(Records from a dataset)
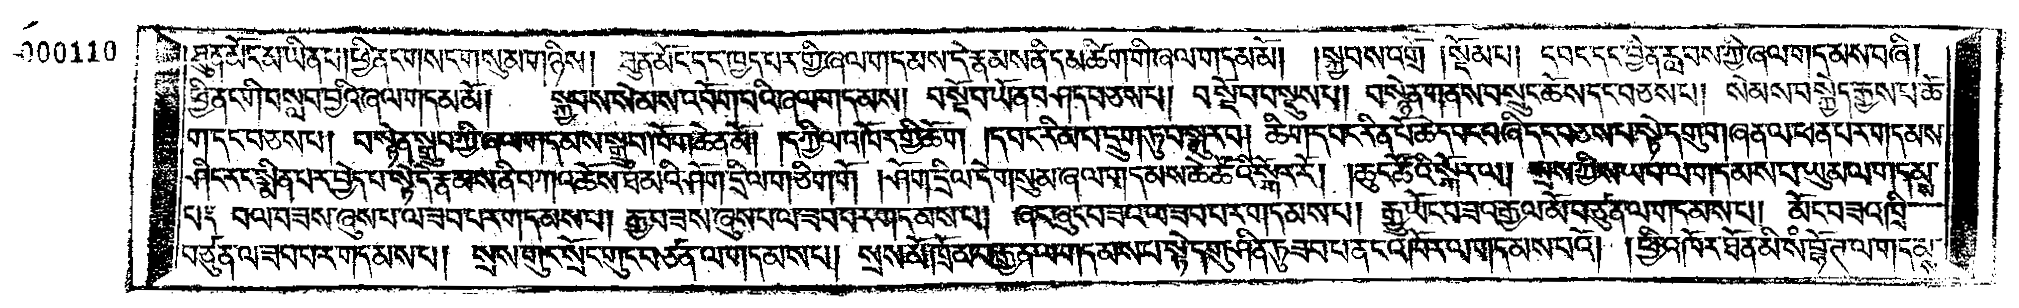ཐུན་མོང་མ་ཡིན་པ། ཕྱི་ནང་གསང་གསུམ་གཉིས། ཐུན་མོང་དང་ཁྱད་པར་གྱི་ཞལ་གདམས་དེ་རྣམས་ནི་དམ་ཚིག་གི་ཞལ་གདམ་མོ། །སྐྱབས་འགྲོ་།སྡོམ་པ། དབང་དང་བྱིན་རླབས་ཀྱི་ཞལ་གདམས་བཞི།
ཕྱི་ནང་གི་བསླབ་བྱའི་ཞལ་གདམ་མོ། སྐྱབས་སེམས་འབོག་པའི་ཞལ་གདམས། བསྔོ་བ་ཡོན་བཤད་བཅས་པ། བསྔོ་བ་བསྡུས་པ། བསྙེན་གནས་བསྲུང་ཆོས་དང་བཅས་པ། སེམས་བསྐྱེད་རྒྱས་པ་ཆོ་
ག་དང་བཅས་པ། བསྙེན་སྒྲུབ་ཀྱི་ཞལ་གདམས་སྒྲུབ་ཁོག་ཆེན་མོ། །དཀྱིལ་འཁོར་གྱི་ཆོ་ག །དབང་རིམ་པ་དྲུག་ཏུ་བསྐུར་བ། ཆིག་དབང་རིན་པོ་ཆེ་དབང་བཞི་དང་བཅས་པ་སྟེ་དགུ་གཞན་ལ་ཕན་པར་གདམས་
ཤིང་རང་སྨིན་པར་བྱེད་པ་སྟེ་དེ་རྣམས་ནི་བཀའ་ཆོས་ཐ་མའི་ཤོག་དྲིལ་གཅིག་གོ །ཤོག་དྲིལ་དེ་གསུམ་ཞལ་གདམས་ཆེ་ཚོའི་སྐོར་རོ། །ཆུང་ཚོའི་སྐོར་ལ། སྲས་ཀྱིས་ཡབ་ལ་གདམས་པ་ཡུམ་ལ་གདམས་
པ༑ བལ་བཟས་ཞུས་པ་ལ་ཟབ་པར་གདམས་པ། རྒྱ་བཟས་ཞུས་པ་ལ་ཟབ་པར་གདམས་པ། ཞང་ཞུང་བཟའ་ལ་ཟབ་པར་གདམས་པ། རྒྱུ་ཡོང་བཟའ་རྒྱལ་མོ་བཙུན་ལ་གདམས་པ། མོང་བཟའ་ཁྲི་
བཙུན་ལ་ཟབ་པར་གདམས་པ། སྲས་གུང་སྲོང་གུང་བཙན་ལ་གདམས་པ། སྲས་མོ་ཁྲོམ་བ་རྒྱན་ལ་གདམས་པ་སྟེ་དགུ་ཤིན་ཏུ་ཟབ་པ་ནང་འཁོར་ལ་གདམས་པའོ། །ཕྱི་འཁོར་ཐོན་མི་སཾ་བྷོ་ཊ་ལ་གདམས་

Your assignment: Above are records with pictures; repeat the records exactly and leave the pictures out.

Answer section:
ཐུན་མོང་མ་ཡིན་པ། ཕྱི་ནང་གསང་གསུམ་གཉིས། ཐུན་མོང་དང་ཁྱད་པར་གྱི་ཞལ་གདམས་དེ་རྣམས་ནི་དམ་ཚིག་གི་ཞལ་གདམ་མོ། །སྐྱབས་འགྲོ་།སྡོམ་པ། དབང་དང་བྱིན་རླབས་ཀྱི་ཞལ་གདམས་བཞི།
ཕྱི་ནང་གི་བསླབ་བྱའི་ཞལ་གདམ་མོ། སྐྱབས་སེམས་འབོག་པའི་ཞལ་གདམས། བསྔོ་བ་ཡོན་བཤད་བཅས་པ། བསྔོ་བ་བསྡུས་པ། བསྙེན་གནས་བསྲུང་ཆོས་དང་བཅས་པ། སེམས་བསྐྱེད་རྒྱས་པ་ཆོ་
ག་དང་བཅས་པ། བསྙེན་སྒྲུབ་ཀྱི་ཞལ་གདམས་སྒྲུབ་ཁོག་ཆེན་མོ། །དཀྱིལ་འཁོར་གྱི་ཆོ་ག །དབང་རིམ་པ་དྲུག་ཏུ་བསྐུར་བ། ཆིག་དབང་རིན་པོ་ཆེ་དབང་བཞི་དང་བཅས་པ་སྟེ་དགུ་གཞན་ལ་ཕན་པར་གདམས་
ཤིང་རང་སྨིན་པར་བྱེད་པ་སྟེ་དེ་རྣམས་ནི་བཀའ་ཆོས་ཐ་མའི་ཤོག་དྲིལ་གཅིག་གོ །ཤོག་དྲིལ་དེ་གསུམ་ཞལ་གདམས་ཆེ་ཚོའི་སྐོར་རོ། །ཆུང་ཚོའི་སྐོར་ལ། སྲས་ཀྱིས་ཡབ་ལ་གདམས་པ་ཡུམ་ལ་གདམས་
པ༑ བལ་བཟས་ཞུས་པ་ལ་ཟབ་པར་གདམས་པ། རྒྱ་བཟས་ཞུས་པ་ལ་ཟབ་པར་གདམས་པ། ཞང་ཞུང་བཟའ་ལ་ཟབ་པར་གདམས་པ། རྒྱུ་ཡོང་བཟའ་རྒྱལ་མོ་བཙུན་ལ་གདམས་པ། མོང་བཟའ་ཁྲི་
བཙུན་ལ་ཟབ་པར་གདམས་པ། སྲས་གུང་སྲོང་གུང་བཙན་ལ་གདམས་པ། སྲས་མོ་ཁྲོམ་བ་རྒྱན་ལ་གདམས་པ་སྟེ་དགུ་ཤིན་ཏུ་ཟབ་པ་ནང་འཁོར་ལ་གདམས་པའོ། །ཕྱི་འཁོར་ཐོན་མི་སཾ་བྷོ་ཊ་ལ་གདམས་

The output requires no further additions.